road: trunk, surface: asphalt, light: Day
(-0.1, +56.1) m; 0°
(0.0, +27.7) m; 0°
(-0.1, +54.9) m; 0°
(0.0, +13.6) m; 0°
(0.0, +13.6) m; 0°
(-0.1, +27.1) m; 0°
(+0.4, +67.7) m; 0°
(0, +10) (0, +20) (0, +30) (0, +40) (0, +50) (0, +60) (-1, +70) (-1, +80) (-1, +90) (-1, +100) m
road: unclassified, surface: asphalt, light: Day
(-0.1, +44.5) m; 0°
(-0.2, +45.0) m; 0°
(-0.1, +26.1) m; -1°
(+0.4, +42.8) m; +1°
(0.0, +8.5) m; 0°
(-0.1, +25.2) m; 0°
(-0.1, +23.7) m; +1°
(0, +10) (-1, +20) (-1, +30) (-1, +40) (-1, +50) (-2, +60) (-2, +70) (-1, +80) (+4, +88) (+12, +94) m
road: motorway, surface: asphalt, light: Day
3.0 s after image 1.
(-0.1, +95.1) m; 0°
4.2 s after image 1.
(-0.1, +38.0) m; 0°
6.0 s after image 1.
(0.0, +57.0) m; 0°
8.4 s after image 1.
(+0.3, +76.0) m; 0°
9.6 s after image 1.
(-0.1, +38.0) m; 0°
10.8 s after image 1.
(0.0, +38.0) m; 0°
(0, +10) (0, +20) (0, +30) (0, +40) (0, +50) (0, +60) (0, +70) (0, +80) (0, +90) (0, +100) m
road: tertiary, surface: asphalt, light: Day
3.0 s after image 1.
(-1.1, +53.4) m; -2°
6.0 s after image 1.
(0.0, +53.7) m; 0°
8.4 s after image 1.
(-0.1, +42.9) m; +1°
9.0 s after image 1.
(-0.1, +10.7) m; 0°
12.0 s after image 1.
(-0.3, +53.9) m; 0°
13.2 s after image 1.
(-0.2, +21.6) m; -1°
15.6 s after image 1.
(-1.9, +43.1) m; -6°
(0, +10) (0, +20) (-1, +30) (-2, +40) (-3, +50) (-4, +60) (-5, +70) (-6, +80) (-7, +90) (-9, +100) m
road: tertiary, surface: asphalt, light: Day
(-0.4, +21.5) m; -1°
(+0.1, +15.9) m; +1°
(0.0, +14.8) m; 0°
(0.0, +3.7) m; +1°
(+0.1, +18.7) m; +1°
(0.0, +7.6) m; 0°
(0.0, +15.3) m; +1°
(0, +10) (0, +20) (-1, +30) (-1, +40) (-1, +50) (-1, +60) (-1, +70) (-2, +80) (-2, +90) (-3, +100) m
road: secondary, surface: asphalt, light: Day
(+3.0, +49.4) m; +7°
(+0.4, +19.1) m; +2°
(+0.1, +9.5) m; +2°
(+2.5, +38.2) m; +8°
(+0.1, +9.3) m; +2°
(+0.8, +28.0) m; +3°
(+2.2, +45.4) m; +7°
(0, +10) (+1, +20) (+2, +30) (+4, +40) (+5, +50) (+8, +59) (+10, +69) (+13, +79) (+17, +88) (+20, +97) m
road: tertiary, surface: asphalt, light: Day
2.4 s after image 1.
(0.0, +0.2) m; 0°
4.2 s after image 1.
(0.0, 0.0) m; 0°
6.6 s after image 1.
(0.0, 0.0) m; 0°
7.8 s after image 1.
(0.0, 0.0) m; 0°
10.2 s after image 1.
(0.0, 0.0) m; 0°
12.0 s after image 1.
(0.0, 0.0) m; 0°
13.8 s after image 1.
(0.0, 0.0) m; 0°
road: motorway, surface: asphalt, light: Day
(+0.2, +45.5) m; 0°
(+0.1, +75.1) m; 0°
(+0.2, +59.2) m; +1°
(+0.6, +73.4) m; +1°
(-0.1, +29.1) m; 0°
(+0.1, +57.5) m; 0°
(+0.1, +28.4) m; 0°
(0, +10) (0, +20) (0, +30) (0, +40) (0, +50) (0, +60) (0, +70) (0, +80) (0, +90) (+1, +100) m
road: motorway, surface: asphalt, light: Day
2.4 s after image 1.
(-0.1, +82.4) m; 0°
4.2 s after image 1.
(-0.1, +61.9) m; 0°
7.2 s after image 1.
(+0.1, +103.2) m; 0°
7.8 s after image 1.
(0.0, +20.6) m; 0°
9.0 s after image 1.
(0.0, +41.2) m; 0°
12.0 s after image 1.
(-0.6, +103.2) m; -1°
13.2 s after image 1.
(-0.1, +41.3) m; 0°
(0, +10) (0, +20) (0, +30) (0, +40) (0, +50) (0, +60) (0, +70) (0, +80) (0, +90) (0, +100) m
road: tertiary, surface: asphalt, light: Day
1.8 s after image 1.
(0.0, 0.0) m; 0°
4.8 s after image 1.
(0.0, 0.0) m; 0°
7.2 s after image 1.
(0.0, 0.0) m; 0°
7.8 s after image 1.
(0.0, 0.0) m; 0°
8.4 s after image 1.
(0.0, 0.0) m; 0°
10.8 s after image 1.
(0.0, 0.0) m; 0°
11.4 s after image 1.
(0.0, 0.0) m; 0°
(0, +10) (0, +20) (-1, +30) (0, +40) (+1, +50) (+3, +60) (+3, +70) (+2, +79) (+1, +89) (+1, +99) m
***
- **TASK TO COMPLETE**: This exercise calls for every record to be restated word for word.

- **PROBLEM SOLUTION**:
road: trunk, surface: asphalt, light: Day
(-0.1, +56.1) m; 0°
(0.0, +27.7) m; 0°
(-0.1, +54.9) m; 0°
(0.0, +13.6) m; 0°
(0.0, +13.6) m; 0°
(-0.1, +27.1) m; 0°
(+0.4, +67.7) m; 0°
(0, +10) (0, +20) (0, +30) (0, +40) (0, +50) (0, +60) (-1, +70) (-1, +80) (-1, +90) (-1, +100) m
road: unclassified, surface: asphalt, light: Day
(-0.1, +44.5) m; 0°
(-0.2, +45.0) m; 0°
(-0.1, +26.1) m; -1°
(+0.4, +42.8) m; +1°
(0.0, +8.5) m; 0°
(-0.1, +25.2) m; 0°
(-0.1, +23.7) m; +1°
(0, +10) (-1, +20) (-1, +30) (-1, +40) (-1, +50) (-2, +60) (-2, +70) (-1, +80) (+4, +88) (+12, +94) m
road: motorway, surface: asphalt, light: Day
3.0 s after image 1.
(-0.1, +95.1) m; 0°
4.2 s after image 1.
(-0.1, +38.0) m; 0°
6.0 s after image 1.
(0.0, +57.0) m; 0°
8.4 s after image 1.
(+0.3, +76.0) m; 0°
9.6 s after image 1.
(-0.1, +38.0) m; 0°
10.8 s after image 1.
(0.0, +38.0) m; 0°
(0, +10) (0, +20) (0, +30) (0, +40) (0, +50) (0, +60) (0, +70) (0, +80) (0, +90) (0, +100) m
road: tertiary, surface: asphalt, light: Day
3.0 s after image 1.
(-1.1, +53.4) m; -2°
6.0 s after image 1.
(0.0, +53.7) m; 0°
8.4 s after image 1.
(-0.1, +42.9) m; +1°
9.0 s after image 1.
(-0.1, +10.7) m; 0°
12.0 s after image 1.
(-0.3, +53.9) m; 0°
13.2 s after image 1.
(-0.2, +21.6) m; -1°
15.6 s after image 1.
(-1.9, +43.1) m; -6°
(0, +10) (0, +20) (-1, +30) (-2, +40) (-3, +50) (-4, +60) (-5, +70) (-6, +80) (-7, +90) (-9, +100) m
road: tertiary, surface: asphalt, light: Day
(-0.4, +21.5) m; -1°
(+0.1, +15.9) m; +1°
(0.0, +14.8) m; 0°
(0.0, +3.7) m; +1°
(+0.1, +18.7) m; +1°
(0.0, +7.6) m; 0°
(0.0, +15.3) m; +1°
(0, +10) (0, +20) (-1, +30) (-1, +40) (-1, +50) (-1, +60) (-1, +70) (-2, +80) (-2, +90) (-3, +100) m
road: secondary, surface: asphalt, light: Day
(+3.0, +49.4) m; +7°
(+0.4, +19.1) m; +2°
(+0.1, +9.5) m; +2°
(+2.5, +38.2) m; +8°
(+0.1, +9.3) m; +2°
(+0.8, +28.0) m; +3°
(+2.2, +45.4) m; +7°
(0, +10) (+1, +20) (+2, +30) (+4, +40) (+5, +50) (+8, +59) (+10, +69) (+13, +79) (+17, +88) (+20, +97) m
road: tertiary, surface: asphalt, light: Day
2.4 s after image 1.
(0.0, +0.2) m; 0°
4.2 s after image 1.
(0.0, 0.0) m; 0°
6.6 s after image 1.
(0.0, 0.0) m; 0°
7.8 s after image 1.
(0.0, 0.0) m; 0°
10.2 s after image 1.
(0.0, 0.0) m; 0°
12.0 s after image 1.
(0.0, 0.0) m; 0°
13.8 s after image 1.
(0.0, 0.0) m; 0°
road: motorway, surface: asphalt, light: Day
(+0.2, +45.5) m; 0°
(+0.1, +75.1) m; 0°
(+0.2, +59.2) m; +1°
(+0.6, +73.4) m; +1°
(-0.1, +29.1) m; 0°
(+0.1, +57.5) m; 0°
(+0.1, +28.4) m; 0°
(0, +10) (0, +20) (0, +30) (0, +40) (0, +50) (0, +60) (0, +70) (0, +80) (0, +90) (+1, +100) m
road: motorway, surface: asphalt, light: Day
2.4 s after image 1.
(-0.1, +82.4) m; 0°
4.2 s after image 1.
(-0.1, +61.9) m; 0°
7.2 s after image 1.
(+0.1, +103.2) m; 0°
7.8 s after image 1.
(0.0, +20.6) m; 0°
9.0 s after image 1.
(0.0, +41.2) m; 0°
12.0 s after image 1.
(-0.6, +103.2) m; -1°
13.2 s after image 1.
(-0.1, +41.3) m; 0°
(0, +10) (0, +20) (0, +30) (0, +40) (0, +50) (0, +60) (0, +70) (0, +80) (0, +90) (0, +100) m
road: tertiary, surface: asphalt, light: Day
1.8 s after image 1.
(0.0, 0.0) m; 0°
4.8 s after image 1.
(0.0, 0.0) m; 0°
7.2 s after image 1.
(0.0, 0.0) m; 0°
7.8 s after image 1.
(0.0, 0.0) m; 0°
8.4 s after image 1.
(0.0, 0.0) m; 0°
10.8 s after image 1.
(0.0, 0.0) m; 0°
11.4 s after image 1.
(0.0, 0.0) m; 0°
(0, +10) (0, +20) (-1, +30) (0, +40) (+1, +50) (+3, +60) (+3, +70) (+2, +79) (+1, +89) (+1, +99) m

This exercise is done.